DIRECTIONS
Leaving the pictures aside, repeat the entries exactly.

DATA TO PROCESS
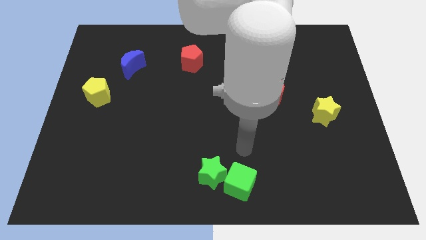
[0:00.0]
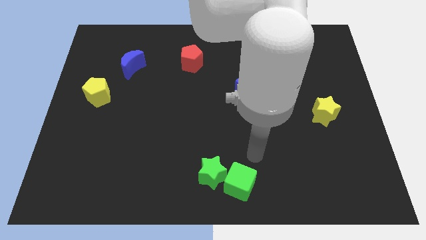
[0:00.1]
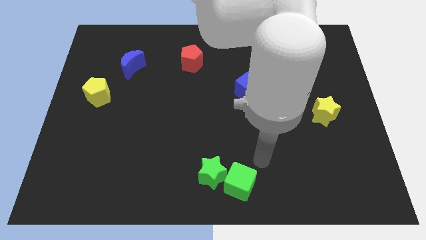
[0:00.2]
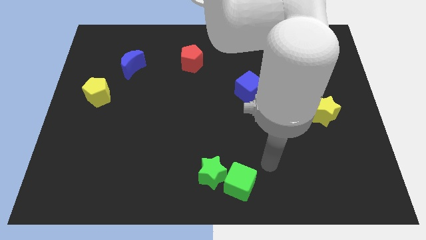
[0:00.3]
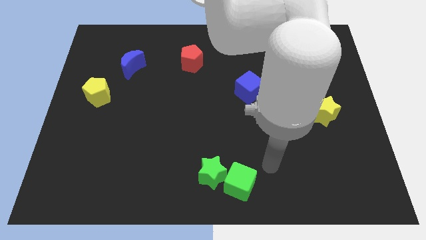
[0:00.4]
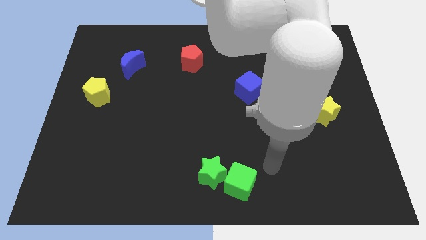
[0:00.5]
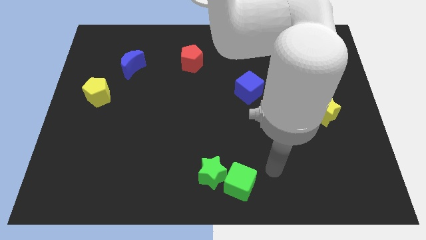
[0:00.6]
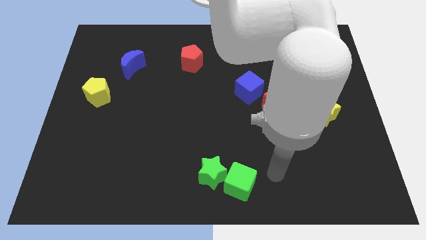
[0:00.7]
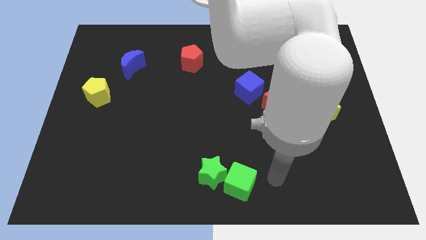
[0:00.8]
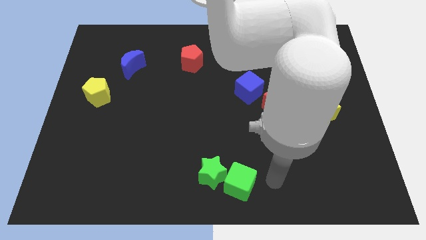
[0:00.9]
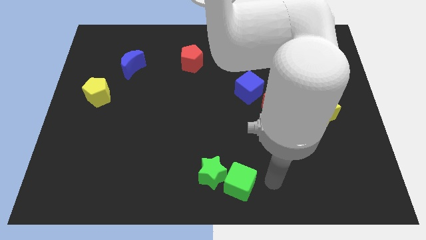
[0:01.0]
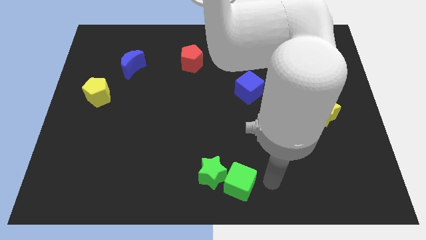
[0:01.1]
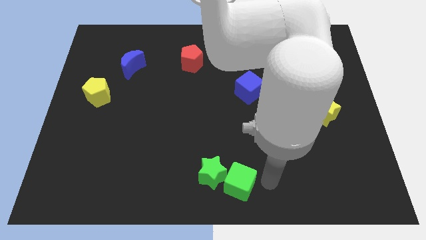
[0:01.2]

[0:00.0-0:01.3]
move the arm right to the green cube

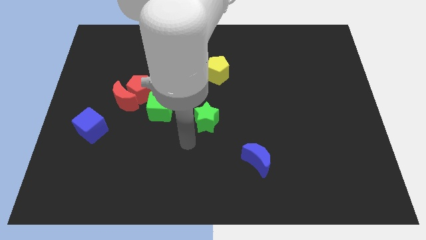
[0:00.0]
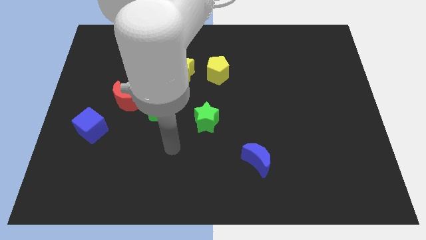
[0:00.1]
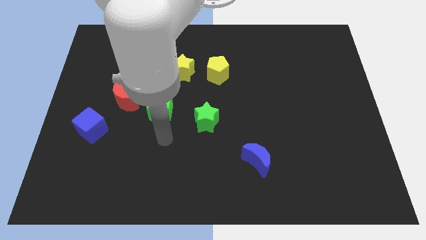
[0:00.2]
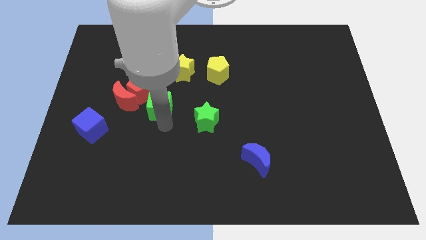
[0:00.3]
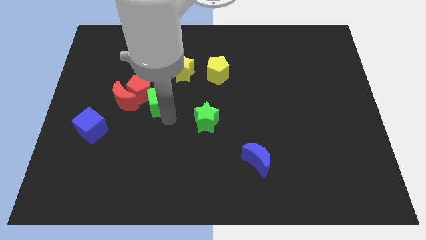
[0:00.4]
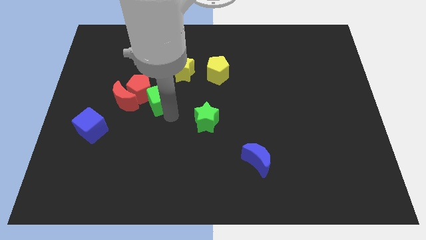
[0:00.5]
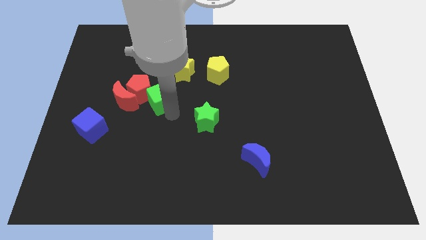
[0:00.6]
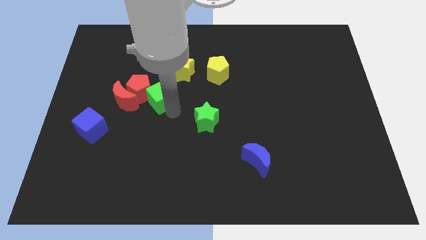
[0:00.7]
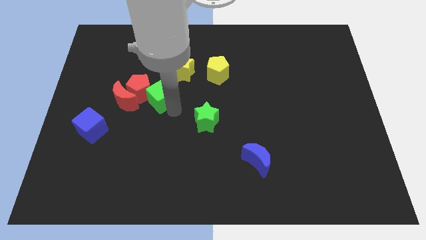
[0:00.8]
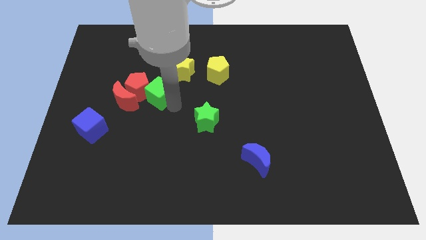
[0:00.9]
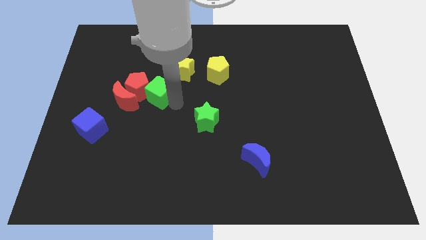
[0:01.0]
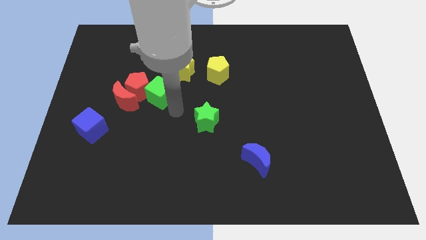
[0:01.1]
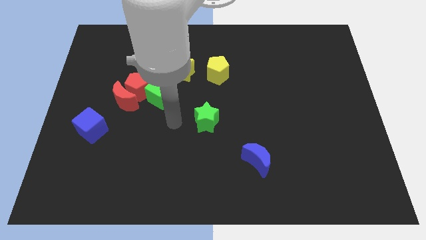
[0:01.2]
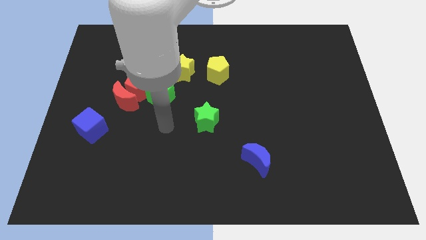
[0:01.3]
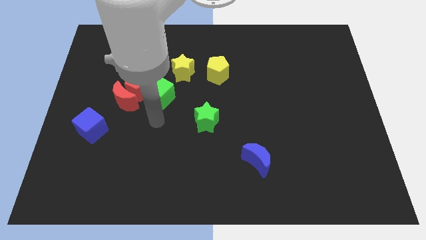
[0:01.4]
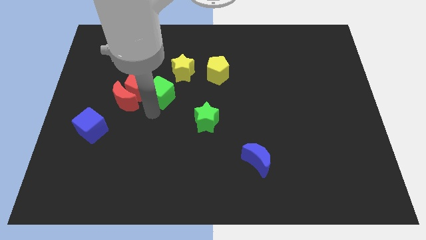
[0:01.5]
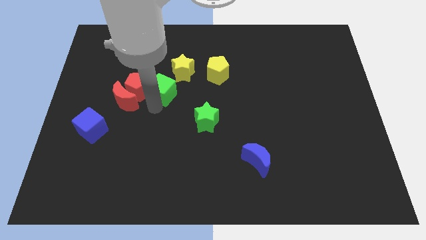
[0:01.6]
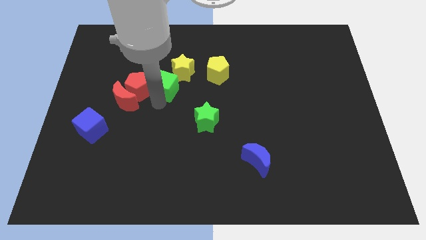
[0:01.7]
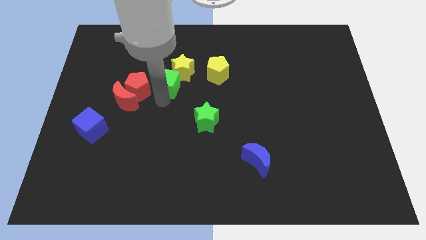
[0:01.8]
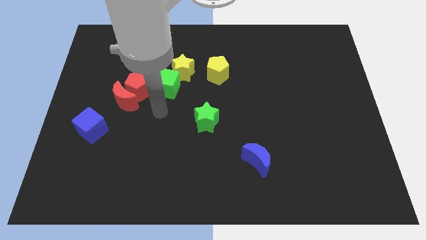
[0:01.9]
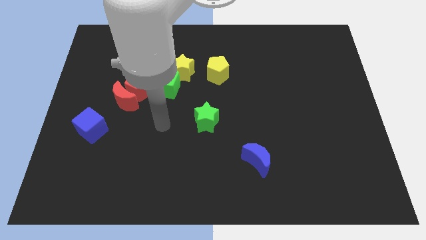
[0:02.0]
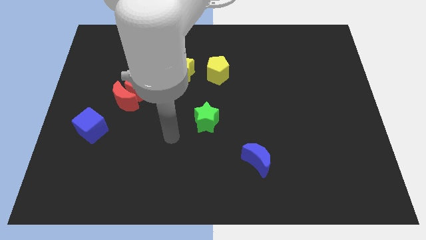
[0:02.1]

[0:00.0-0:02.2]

OUTPUT
[0:00.0]
[0:00.1]
[0:00.2]
[0:00.3]
[0:00.4]
[0:00.5]
[0:00.6]
[0:00.7]
[0:00.8]
[0:00.9]
[0:01.0]
[0:01.1]
[0:01.2]

[0:00.0-0:01.3]
move the arm right to the green cube

[0:00.0]
[0:00.1]
[0:00.2]
[0:00.3]
[0:00.4]
[0:00.5]
[0:00.6]
[0:00.7]
[0:00.8]
[0:00.9]
[0:01.0]
[0:01.1]
[0:01.2]
[0:01.3]
[0:01.4]
[0:01.5]
[0:01.6]
[0:01.7]
[0:01.8]
[0:01.9]
[0:02.0]
[0:02.1]

[0:00.0-0:02.2]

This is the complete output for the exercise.